Department of Fish, Wildlife, and Conservation Biology, Colorado State University, Fort Collins, Colorado 80523-1474, USA.
Ecol Appl. 2011 Oct;21(7):2445-58. doi: 10.1890/10-1701.1.
Effects of land-use change on the conservation of biodiversity have become a concern to conservation scientists and land managers, who have identified loss and fragmentation of natural areas as a high-priority issue. Despite urgent calls to inform national, regional, and state planning efforts, there remains a critical need to develop practical approaches to identify where important lands are for landscape connectivity (i.e., linkages), where land use constrains connectivity, and which linkages are most important to maintain network-wide connectivity extents. Our overall goal in this paper was to develop an approach that provides comprehensive, quantitative estimates of the effects of land-use change on landscape connectivity and illustrate its use on a broad, regional expanse of the western United States. We quantified loss of habitat and landscape connectivity for western forested systems due to land uses associated with residential development, roads, and highway traffic. We examined how these land-use changes likely increase the resistance to movement of forest species in non-forested land cover types and, therefore, reduce the connectivity among forested habitat patches. To do so, we applied a graph-theoretic approach that incorporates ecological aspects within a geographic representation of a network. We found that roughly one-quarter of the forested lands in the western United States were integral to a network of forested patches, though the lands outside of patches remain critical for habitat and overall connectivity. Using remotely sensed land cover data (ca. 2000), we found 1.7 million km2 of forested lands. We estimate that land uses associated with residential development, roads, and highway traffic have caused roughly a 4.5% loss in area (20 000 km2) of these forested patches, and continued expansion of residential land will likely reduce forested patches by another 1.2% by 2030. We also identify linkages among forest patches that are critical for landscape connectivity. Our approach can be readily modified to examine connectivity for other habitats/ecological systems and for other geographic areas, as well as to address more specific requirements for particular conservation planning applications.

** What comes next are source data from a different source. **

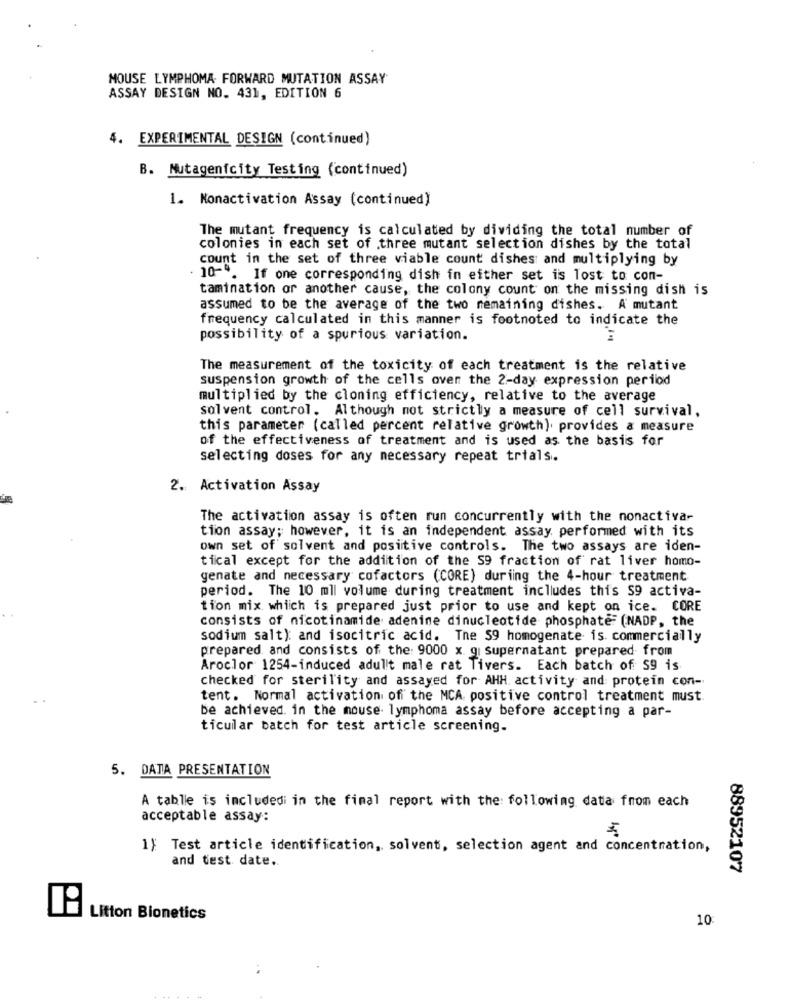
MOUSE LYMPHOMA FORWARD MUTATION ASSAY
ASSAY DESIGN NO. 431, EDITION 6
4. EXPERIMENTAL DESIGN (continued)
B. Nutagenfcity Testing (continued)
1. Nonactivation Assay (continued)
The mutant frequency is calculated by dividing the total number of
colonies in each set of three mutant selection dishes by the total
count in the set of three viable count dishes and multiplying by
· 10 -. If one corresponding dish in either set is lost to con-
tamination or another cause, the colony count on the missing dish is
assumed to be the average of the two remaining dishes. A mutant
frequency calculated in this manner is footnoted to indicate the
possibility of a spurious variation.
The measurement of the toxicity of each treatment is the relative
suspension growth of the cells over the 2-day expression perilod
multiplied by the cloning efficiency, relative to the average
solvent control. Although not strictly a measure of cell survival,
this parameter (called percent relative growth), provides a measure
of the effectiveness of treatment and is used as the basis for
selecting doses for any necessary repeat trials.
2. Activation Assay
The activation assay is often run concurrently with the nonactiva-
tion assay; however, it is an independent assay performed with its
own set of solvent and positive controls. The two assays are iden-
tical except for the addition of the S9 fraction of rat liver homo-
genate and necessary cofactors (CORE) during the 4-hour treatment
period. The 10 mll volume during treatment includes this S9 activa-
tion mix which is prepared just prior to use and kept on ice. CORE
consists of nicotinamide adenine dinucleotide phosphate= (NADP, the
sodium salt): and isocitric acid. The 59 homogenate is. commercially
prepared and consists of the: 9000 x gi supernatant prepared from
Aroclor 1254-induced adult male rat Tivers. Each batch of 59 is
checked for sterility and assayed for AHH activity and protein con-
tent. Normal activation of the MCA positive control treatment must
be achieved. in the mouse lymphoma assay before accepting a par-
ticular batch for test article screening.
5. DATA PRESENTATION
A table is includedi in the final report with the following data from each
acceptable assay:
1}: Test article identification, solvent, selection agent and concentration,
and test date.
88952107
Litton Bionetics
10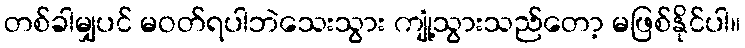
တစ်ခါမျှပင် မဝတ်ရပါဘဲသေးသွား ကျုံ့သွားသည်တော့ မဖြစ်နိုင်ပါ။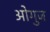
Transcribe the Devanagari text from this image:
ओगुज
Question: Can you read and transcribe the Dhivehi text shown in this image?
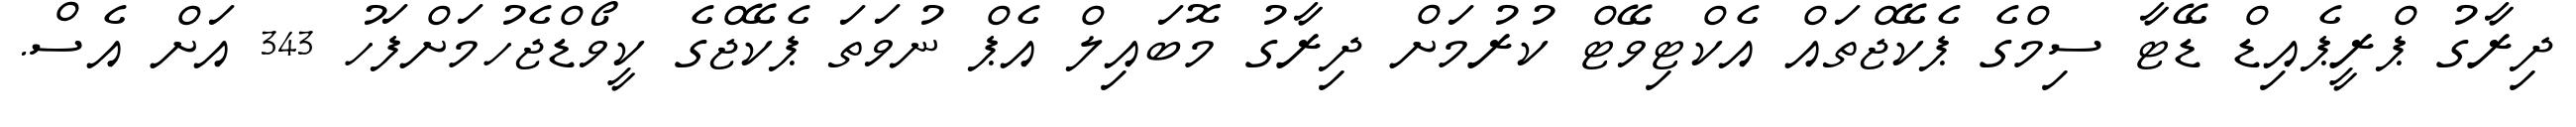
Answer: ދިރާގު ޕްރީޕެއިޑް ޑޭޓާ ސިމްގެ ޕެކޭޖްތައް އެކްޓިވޭޓް ކުރުމަށް ދިރާގު މޮބައިލް އެޕް ނުވަތަ ޕެކޭޖްގެ ކީވޯޑްޖެހުމަށްފަހު 343 އަށް އެސް.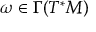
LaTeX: \omega \in \Gamma ( T ^ { * } M )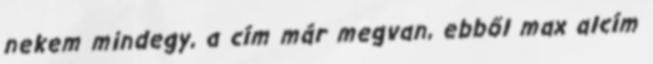
nekem mindegy, a cím már megvan, ebből max alcím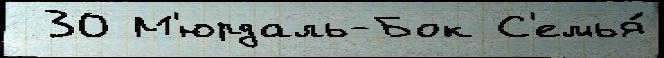
 30 М'юрдаль-Бок С'емья́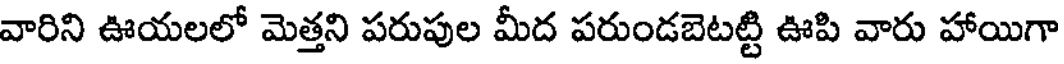
వారిని ఊయలలో మెత్తని పరుపుల మీద పరుండబెటట్టి ఊపి వారు హాయిగా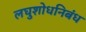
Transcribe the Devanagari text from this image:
लघुशोधनिबंध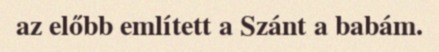
az előbb említett a Szánt a babám.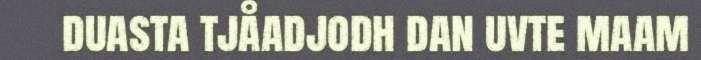
duasta tjåadjodh dan uvte maam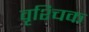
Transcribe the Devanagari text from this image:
वृश्‍चिक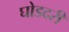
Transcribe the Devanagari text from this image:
घोडदरी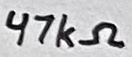
Text: 47kΩ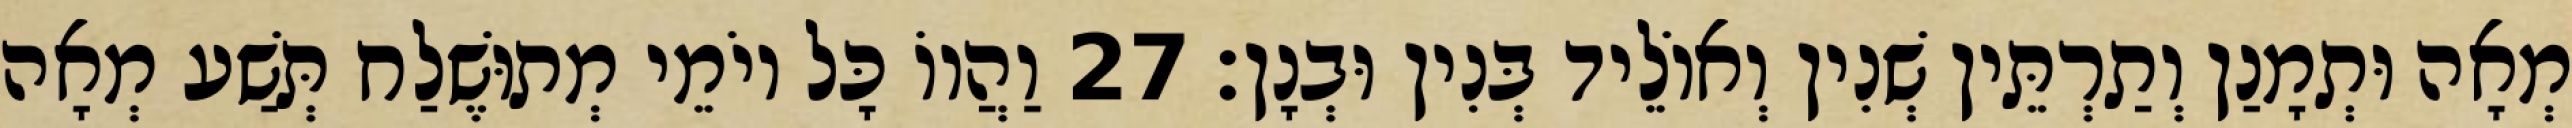
מְאָה וּתְמָנַן וְתַרְתֵּין שְׁנִין וְאוֹלֵיד בְּנִין וּבְנָן׃ 27 וַהֲווֹ כָּל יוֹמֵי מְתוּשֶׁלַח תְּשַׁע מְאָה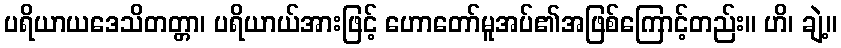
ပရိယာယဒေသိတတ္တာ၊ ပရိယာယ်အားဖြင့် ဟောတော်မူအပ်၏အဖြစ်ကြောင့်တည်း။ ဟိ၊ ချဲ့။
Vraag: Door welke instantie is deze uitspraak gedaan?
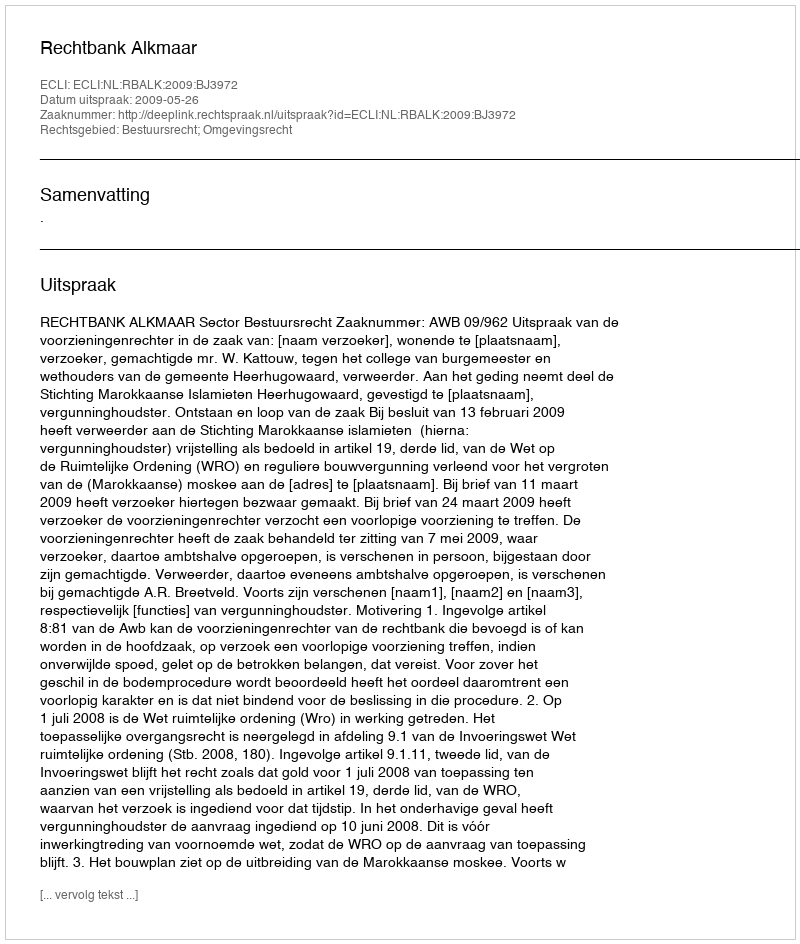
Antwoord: Rechtbank Alkmaar

土地利用变化对生物多样性保护的影响已成为保护科学家和土地管理者关注的焦点,他们已将自然区域的丧失和破碎化确定为高度优先事项。尽管迫切呼吁为国家、地区和州的规划工作提供信息,但仍迫切需要制定实用方法来确定重要土地在景观连通性(即连接)中的位置,土地利用对连通性的限制,以及维护网络范围连通性程度最重要的连接。我们在本文中的总体目标是开发一种方法,该方法可全面、定量地估计土地利用变化对景观连通性的影响,并说明其在美国西部广阔的区域范围内的应用。我们量化了由于与住宅开发、道路和高速公路交通相关的土地利用而导致西部森林系统丧失栖息地和景观连通性的情况。我们研究了这些土地利用变化如何可能增加森林物种在非森林土地覆盖类型中的迁移阻力,从而降低森林生境斑块之间的连通性。为此,我们应用了一种图论方法,该方法将生态方面纳入网络的地理表示中。我们发现,美国西部大约四分之一的森林土地是森林斑块网络的组成部分,尽管斑块外的土地对栖息地和整体连通性仍然至关重要。使用遥感土地覆盖数据(约 2000 年),我们发现了 170 万平方千米的森林土地。我们估计,与住宅开发、道路和高速公路交通相关的土地利用导致这些森林斑块的面积减少了约 4.5%(20000 平方千米),并且到 2030 年,住宅用地的持续扩张可能会使森林斑块减少 1.2%。我们还确定了对景观连通性至关重要的森林斑块之间的联系。我们的方法可以轻松修改,以研究其他栖息地/生态系统和其他地理区域的连通性,以及满足特定保护规划应用的更具体要求。